It’s a highly emotive debate raising questions of individual choice, dignity, the value we place on human life and the protection of vulnerable members of society. Hundreds of constituents have contacted me about it and others attended the public meeting I held on 2nd September. Roughly equal numbers want me to vote for the Bill as oppose it. If you’re one of the people who contacted me, thank you for letting me know what you think and helping to inform my view.
Having thought long and hard about both sides of the argument I believe people of sound mind who are terminally ill should have the right to choose the manner and timing of their death if they wish to do so. Clearly many people, particularly those of faith, will not want to avail themselves of this right, but they should not seek to deny others the choice.

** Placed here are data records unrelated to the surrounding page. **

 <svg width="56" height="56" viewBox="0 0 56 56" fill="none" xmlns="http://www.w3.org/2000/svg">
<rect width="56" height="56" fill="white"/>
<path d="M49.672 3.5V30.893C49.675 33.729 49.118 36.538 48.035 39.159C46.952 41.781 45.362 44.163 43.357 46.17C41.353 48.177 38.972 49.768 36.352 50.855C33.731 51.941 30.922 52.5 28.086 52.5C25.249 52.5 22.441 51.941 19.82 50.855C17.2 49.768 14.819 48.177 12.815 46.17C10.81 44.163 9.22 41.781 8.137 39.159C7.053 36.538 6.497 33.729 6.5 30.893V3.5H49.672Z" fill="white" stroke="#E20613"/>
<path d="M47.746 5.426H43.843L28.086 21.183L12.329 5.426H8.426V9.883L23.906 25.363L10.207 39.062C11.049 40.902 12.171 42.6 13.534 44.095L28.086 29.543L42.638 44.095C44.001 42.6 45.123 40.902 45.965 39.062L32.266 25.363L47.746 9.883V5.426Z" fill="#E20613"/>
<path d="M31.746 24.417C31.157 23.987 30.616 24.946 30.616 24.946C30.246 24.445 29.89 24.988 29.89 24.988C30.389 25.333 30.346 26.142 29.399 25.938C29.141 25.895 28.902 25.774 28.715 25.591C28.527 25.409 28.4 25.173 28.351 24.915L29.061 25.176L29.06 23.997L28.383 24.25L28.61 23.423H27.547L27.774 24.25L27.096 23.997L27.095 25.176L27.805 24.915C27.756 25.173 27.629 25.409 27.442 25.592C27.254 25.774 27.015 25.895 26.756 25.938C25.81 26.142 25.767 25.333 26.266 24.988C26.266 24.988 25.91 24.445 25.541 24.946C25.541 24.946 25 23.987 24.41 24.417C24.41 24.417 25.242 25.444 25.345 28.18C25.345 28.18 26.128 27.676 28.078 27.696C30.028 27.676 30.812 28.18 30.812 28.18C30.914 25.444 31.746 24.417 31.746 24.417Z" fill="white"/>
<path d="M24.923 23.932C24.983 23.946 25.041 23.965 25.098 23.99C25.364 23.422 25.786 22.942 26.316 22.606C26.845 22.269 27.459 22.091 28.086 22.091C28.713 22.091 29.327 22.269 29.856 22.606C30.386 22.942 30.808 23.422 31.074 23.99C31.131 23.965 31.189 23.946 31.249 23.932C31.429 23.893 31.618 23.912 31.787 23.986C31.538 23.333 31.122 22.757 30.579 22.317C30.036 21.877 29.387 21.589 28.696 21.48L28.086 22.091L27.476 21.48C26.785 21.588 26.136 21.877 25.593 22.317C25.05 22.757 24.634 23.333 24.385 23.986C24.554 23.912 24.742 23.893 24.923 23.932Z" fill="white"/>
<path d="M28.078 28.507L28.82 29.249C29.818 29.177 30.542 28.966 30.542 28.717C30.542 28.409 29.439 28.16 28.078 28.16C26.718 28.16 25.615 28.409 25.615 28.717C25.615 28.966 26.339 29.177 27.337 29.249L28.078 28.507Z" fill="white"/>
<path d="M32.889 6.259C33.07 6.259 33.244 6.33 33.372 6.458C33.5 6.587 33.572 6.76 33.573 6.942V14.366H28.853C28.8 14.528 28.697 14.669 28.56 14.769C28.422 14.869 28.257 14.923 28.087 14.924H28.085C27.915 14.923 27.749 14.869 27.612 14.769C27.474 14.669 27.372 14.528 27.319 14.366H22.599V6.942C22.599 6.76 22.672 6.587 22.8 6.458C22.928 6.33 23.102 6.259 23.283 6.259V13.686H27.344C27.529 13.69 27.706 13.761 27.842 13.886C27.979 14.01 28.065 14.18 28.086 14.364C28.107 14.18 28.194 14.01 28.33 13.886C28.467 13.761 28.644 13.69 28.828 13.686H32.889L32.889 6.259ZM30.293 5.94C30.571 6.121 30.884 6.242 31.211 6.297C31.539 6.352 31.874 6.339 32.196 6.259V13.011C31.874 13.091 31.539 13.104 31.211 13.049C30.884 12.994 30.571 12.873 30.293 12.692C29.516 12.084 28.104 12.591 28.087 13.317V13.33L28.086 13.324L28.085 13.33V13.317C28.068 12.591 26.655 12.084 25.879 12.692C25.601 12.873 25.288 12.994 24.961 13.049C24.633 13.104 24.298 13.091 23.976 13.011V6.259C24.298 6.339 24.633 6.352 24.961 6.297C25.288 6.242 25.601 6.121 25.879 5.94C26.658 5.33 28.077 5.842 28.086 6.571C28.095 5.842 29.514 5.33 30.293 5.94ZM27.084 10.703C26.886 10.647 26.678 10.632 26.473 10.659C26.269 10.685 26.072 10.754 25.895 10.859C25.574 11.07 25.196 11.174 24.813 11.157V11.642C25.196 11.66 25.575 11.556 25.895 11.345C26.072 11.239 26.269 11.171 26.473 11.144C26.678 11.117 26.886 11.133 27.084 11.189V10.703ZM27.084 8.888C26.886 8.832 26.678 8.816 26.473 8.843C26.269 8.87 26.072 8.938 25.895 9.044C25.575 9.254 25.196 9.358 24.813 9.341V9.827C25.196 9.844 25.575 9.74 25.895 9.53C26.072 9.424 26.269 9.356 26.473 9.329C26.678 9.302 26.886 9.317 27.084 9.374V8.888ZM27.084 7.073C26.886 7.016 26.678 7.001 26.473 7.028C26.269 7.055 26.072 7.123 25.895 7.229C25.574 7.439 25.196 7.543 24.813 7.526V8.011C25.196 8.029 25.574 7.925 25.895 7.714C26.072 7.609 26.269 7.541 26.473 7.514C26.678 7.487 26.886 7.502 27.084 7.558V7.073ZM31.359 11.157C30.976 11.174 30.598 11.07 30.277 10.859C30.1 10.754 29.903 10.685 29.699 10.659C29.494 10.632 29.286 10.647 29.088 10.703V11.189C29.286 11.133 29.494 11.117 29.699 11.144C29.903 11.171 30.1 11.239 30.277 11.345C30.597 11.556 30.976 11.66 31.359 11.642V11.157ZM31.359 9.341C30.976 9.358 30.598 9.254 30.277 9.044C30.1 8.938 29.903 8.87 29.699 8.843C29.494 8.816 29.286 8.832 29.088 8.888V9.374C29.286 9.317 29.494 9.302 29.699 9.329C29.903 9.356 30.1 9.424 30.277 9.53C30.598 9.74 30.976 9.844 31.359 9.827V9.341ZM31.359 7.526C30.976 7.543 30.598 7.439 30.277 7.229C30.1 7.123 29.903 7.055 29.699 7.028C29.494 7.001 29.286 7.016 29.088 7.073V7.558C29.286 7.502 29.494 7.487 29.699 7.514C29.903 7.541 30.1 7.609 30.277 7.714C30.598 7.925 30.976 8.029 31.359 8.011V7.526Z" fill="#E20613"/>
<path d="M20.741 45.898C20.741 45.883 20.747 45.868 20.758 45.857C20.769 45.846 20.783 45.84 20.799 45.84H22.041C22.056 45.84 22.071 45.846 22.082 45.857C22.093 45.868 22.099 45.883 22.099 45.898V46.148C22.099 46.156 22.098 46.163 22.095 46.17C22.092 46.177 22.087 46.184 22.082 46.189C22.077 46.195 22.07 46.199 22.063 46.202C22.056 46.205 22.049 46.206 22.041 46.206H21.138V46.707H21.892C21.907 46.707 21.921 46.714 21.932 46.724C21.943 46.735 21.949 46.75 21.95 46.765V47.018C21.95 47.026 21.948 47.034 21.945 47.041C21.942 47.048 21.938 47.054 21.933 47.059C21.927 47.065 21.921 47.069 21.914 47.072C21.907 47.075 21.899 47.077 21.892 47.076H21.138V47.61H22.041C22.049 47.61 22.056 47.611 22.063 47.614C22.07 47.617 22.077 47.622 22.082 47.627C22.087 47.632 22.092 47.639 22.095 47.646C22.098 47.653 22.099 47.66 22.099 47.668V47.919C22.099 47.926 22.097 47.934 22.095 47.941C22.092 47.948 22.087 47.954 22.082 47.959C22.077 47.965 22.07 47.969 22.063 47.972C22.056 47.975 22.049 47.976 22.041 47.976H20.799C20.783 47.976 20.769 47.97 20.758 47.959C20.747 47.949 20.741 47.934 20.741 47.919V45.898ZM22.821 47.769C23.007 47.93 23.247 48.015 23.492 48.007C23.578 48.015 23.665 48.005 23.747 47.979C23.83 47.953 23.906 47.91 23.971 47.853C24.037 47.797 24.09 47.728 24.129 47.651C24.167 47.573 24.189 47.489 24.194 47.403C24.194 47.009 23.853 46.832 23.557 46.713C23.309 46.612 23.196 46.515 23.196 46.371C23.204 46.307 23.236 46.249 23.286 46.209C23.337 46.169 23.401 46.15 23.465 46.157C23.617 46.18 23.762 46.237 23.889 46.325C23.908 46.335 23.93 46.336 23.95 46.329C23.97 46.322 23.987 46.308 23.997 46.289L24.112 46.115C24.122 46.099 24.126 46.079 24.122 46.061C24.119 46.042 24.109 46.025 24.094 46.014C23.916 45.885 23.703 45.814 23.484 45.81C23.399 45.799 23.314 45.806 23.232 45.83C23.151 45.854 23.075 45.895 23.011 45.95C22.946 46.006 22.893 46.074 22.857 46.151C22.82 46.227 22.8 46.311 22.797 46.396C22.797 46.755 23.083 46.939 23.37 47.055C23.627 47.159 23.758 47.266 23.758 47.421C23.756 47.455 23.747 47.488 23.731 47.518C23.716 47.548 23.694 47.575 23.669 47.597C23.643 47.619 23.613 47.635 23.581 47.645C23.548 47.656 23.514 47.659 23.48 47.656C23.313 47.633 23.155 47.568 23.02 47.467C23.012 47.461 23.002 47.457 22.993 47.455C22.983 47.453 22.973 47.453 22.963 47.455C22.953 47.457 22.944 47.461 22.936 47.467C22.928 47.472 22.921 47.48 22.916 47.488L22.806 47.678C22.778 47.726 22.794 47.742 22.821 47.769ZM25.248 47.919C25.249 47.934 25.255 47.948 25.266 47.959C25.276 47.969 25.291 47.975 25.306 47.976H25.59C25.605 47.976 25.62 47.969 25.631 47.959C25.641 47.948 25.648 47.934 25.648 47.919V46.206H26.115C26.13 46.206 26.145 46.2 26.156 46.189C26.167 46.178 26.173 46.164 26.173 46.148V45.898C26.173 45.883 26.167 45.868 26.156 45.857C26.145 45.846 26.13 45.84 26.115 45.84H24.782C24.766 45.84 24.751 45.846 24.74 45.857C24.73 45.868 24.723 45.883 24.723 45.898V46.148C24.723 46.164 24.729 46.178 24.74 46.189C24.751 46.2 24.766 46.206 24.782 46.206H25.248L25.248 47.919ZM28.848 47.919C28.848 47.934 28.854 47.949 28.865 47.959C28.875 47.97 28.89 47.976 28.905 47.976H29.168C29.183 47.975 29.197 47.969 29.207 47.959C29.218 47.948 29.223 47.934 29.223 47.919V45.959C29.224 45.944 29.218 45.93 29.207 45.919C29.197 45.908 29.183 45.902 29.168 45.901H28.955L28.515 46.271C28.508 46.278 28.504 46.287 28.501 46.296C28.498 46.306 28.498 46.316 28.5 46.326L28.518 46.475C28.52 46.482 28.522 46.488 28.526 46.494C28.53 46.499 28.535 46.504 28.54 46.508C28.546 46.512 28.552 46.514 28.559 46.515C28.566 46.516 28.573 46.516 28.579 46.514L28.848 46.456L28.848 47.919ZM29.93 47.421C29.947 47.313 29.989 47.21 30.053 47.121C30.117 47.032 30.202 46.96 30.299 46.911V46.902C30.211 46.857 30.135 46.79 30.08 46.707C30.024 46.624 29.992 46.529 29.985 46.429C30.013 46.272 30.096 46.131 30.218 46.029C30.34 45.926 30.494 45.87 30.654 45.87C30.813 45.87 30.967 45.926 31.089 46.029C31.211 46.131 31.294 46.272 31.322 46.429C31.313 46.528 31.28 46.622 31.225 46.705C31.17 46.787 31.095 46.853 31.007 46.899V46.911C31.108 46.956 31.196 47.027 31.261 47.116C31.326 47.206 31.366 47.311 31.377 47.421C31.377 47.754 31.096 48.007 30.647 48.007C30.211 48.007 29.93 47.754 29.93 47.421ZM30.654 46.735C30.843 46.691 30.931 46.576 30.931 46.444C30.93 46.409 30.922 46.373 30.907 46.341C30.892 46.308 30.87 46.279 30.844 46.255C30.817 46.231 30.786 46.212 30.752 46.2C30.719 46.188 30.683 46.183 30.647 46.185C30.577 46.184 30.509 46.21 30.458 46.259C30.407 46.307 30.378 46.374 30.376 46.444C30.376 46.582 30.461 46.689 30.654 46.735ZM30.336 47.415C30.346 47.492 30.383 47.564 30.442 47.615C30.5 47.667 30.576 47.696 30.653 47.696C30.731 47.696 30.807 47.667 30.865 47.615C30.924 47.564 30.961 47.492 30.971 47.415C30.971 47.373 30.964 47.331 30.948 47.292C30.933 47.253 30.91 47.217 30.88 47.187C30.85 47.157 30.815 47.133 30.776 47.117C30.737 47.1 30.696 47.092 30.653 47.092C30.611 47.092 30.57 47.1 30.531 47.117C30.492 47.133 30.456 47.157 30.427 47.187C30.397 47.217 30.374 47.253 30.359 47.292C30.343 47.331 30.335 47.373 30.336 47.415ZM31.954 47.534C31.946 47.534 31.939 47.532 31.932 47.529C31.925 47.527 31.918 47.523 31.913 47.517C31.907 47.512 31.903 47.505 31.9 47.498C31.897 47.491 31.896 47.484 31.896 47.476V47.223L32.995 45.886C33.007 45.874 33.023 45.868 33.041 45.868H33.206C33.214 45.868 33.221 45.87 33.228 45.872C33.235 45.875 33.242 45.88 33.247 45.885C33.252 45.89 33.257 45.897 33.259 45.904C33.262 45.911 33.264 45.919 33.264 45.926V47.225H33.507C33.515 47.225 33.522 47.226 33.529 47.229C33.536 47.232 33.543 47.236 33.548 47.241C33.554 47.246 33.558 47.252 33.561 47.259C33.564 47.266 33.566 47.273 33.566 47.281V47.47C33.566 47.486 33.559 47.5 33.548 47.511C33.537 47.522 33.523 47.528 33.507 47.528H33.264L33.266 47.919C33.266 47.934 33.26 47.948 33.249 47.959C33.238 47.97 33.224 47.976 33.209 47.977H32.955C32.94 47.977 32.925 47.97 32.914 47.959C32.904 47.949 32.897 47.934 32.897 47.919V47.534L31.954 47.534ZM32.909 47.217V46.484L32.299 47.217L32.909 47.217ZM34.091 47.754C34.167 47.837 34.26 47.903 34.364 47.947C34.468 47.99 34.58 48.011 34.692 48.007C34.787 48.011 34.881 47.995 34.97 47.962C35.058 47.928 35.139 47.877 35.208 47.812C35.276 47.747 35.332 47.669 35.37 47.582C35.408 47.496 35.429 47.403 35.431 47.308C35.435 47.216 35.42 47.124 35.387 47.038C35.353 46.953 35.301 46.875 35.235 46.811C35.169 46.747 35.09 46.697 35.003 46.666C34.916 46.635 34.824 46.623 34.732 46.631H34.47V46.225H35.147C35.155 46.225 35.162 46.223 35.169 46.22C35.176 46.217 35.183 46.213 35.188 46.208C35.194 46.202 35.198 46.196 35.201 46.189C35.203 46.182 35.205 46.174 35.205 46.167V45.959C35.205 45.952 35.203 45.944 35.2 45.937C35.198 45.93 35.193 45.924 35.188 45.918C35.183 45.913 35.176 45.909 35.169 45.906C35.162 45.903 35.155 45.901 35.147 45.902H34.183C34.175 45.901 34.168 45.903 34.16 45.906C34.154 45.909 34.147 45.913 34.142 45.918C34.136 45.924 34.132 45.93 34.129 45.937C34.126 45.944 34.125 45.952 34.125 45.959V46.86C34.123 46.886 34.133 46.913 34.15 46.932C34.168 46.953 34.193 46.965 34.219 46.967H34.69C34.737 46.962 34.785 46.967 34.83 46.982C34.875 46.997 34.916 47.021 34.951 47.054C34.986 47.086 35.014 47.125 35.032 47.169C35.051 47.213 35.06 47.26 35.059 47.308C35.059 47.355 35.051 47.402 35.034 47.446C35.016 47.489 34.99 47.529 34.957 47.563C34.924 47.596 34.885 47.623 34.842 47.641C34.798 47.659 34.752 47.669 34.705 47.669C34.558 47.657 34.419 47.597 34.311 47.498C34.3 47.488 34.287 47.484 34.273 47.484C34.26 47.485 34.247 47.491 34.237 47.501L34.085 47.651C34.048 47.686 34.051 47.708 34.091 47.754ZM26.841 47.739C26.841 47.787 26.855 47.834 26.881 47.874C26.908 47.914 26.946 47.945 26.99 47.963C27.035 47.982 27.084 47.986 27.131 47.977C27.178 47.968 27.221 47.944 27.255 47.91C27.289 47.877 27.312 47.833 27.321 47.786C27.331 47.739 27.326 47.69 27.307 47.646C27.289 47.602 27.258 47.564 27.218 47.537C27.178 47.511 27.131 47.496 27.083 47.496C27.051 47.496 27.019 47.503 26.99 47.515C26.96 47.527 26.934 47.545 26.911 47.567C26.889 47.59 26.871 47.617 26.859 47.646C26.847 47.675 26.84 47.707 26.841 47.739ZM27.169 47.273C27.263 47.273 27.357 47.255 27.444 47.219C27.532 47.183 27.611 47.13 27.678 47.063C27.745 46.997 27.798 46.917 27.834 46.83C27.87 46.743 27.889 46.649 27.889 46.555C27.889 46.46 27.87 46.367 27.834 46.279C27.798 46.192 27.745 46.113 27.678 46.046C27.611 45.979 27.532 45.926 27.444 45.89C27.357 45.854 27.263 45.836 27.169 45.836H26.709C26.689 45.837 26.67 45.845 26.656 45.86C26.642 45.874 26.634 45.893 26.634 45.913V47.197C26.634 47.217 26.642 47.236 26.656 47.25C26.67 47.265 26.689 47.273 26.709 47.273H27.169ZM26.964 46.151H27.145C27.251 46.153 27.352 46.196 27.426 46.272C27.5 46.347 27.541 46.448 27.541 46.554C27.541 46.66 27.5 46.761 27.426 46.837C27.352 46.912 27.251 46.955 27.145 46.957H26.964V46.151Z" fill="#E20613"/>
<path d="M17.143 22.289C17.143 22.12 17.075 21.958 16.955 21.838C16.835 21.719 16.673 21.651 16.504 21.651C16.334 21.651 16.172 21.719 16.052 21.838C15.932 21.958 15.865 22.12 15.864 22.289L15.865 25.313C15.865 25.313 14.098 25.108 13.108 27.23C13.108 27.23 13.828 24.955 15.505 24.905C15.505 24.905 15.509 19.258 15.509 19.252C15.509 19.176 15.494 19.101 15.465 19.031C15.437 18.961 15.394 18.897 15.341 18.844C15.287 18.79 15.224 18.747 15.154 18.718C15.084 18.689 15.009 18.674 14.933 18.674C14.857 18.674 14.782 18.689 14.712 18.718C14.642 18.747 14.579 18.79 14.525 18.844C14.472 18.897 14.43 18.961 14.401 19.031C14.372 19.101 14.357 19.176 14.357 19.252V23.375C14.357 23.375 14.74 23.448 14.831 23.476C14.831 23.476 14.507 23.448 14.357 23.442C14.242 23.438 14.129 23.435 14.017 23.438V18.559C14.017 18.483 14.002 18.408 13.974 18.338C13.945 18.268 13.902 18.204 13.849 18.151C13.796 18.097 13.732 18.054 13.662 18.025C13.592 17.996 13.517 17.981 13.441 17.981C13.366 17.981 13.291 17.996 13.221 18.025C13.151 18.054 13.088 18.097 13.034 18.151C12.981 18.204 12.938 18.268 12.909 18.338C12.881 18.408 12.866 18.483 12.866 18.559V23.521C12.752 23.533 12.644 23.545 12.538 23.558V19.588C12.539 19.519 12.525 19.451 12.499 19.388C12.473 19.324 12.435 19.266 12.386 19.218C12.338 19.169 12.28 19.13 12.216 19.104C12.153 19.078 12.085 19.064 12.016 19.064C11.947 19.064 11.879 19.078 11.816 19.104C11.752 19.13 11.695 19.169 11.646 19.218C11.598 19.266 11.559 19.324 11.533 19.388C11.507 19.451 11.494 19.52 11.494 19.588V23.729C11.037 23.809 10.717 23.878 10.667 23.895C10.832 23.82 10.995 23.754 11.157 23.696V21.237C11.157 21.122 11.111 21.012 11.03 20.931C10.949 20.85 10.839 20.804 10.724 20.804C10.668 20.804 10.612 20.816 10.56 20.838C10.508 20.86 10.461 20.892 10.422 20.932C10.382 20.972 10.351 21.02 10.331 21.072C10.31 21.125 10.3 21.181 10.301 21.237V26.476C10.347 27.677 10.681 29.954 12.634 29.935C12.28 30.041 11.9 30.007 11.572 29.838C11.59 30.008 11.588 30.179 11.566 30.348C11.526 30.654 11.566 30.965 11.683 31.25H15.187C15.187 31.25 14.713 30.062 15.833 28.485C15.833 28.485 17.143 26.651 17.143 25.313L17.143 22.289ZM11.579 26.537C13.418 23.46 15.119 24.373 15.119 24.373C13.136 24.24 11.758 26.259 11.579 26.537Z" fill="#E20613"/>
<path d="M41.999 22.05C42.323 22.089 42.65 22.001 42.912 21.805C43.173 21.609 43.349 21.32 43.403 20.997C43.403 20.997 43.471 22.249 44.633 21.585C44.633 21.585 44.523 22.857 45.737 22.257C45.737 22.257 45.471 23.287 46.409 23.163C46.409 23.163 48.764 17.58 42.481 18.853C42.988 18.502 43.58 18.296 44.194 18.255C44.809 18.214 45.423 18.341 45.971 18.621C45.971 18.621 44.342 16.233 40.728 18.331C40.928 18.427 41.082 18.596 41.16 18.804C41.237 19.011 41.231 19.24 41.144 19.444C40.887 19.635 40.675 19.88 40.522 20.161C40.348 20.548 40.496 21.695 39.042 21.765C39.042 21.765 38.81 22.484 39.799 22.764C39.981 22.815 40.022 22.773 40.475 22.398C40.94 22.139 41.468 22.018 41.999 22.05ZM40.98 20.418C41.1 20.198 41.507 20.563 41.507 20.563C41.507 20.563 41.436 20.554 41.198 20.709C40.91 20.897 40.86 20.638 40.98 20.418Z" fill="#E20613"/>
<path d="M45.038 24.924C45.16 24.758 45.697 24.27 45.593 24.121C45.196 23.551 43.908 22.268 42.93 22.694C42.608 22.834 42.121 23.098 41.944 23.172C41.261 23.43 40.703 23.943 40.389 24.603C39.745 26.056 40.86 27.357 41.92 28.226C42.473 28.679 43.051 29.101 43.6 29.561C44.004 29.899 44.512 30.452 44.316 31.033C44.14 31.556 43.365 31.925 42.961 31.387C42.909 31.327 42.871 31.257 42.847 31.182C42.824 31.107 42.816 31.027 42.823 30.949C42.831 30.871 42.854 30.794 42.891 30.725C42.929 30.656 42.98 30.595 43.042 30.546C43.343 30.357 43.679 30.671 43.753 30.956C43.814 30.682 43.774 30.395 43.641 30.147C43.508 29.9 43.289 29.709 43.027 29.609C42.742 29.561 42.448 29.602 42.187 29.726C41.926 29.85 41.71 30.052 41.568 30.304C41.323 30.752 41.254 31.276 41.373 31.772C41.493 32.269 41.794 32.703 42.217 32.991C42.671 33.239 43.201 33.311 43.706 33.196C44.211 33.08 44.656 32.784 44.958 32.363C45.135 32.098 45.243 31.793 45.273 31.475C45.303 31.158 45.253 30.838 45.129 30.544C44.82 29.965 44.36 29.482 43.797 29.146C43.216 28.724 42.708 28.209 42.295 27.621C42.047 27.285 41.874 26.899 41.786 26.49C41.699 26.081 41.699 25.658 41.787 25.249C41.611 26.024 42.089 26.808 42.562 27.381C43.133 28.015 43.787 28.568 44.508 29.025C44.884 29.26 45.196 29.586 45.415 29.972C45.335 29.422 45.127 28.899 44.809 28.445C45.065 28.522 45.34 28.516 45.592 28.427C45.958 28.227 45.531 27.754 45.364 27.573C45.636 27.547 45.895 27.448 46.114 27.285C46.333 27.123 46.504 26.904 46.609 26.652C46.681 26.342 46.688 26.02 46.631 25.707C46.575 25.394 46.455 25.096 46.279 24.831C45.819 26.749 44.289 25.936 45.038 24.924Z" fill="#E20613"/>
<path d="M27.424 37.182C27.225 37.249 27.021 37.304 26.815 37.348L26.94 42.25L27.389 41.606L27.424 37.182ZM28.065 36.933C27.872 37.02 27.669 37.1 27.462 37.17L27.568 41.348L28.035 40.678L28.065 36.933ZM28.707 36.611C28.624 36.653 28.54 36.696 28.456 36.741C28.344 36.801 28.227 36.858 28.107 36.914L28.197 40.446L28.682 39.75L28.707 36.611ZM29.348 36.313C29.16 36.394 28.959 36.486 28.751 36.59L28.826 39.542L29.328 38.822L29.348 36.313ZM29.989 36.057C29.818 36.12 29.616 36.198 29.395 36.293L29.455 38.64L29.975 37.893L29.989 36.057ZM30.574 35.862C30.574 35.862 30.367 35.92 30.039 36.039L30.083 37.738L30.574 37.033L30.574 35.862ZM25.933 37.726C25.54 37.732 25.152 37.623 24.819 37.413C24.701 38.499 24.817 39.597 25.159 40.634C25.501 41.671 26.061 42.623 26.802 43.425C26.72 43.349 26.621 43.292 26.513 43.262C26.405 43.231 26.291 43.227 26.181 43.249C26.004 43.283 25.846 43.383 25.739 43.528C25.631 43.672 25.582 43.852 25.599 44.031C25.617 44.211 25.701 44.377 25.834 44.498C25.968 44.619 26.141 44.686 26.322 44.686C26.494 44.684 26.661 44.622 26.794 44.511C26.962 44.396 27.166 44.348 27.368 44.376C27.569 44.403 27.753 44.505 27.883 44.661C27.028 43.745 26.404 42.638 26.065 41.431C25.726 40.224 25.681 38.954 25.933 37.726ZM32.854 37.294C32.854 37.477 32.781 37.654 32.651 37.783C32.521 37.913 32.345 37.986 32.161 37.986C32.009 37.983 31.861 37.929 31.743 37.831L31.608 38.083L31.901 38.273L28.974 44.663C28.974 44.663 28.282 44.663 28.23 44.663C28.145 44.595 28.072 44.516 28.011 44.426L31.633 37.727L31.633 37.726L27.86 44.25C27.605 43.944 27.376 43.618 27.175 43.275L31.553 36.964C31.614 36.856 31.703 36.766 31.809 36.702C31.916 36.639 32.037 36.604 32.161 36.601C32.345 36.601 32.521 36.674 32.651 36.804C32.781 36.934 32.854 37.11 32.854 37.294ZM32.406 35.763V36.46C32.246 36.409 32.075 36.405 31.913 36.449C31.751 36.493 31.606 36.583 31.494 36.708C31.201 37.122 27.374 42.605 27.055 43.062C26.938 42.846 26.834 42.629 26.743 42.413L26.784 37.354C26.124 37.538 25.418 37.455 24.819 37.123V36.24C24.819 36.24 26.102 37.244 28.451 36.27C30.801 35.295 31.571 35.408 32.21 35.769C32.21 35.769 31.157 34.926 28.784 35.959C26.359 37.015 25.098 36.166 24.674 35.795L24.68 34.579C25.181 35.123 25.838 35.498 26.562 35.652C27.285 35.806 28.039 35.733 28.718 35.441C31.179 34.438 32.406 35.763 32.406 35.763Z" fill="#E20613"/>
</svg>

However, I remain very wary that any change in the law could lead to:
- people feeling pressurised into ending their lives when they don’t really want to do so - either directly by family members or indirectly because they don’t want to be a burden; and
- people who are not of sound mind being allowed to end their lives.
Today’s debate is what is known as a Second Reading. If the House of Commons votes against the Bill, the law will remain as it is; if it votes for it, the Bill will be subject to further detailed scrutiny. I have therefore decided to vote for the Bill today but to reserve the right to oppose it at a later date if I am not satisfied with the final version of the safeguards proposed.
I recognise that this approach may end up pleasing neither the strong supporters or opponents of the Bill, but I hope that you will at least feel that I have listened to the diverse views of my constituents and thought long and hard about the issue.
UPDATE: The House of Commons has just voted 118 in favour and 330 against meaning the Bill will not proceed to the committee stage.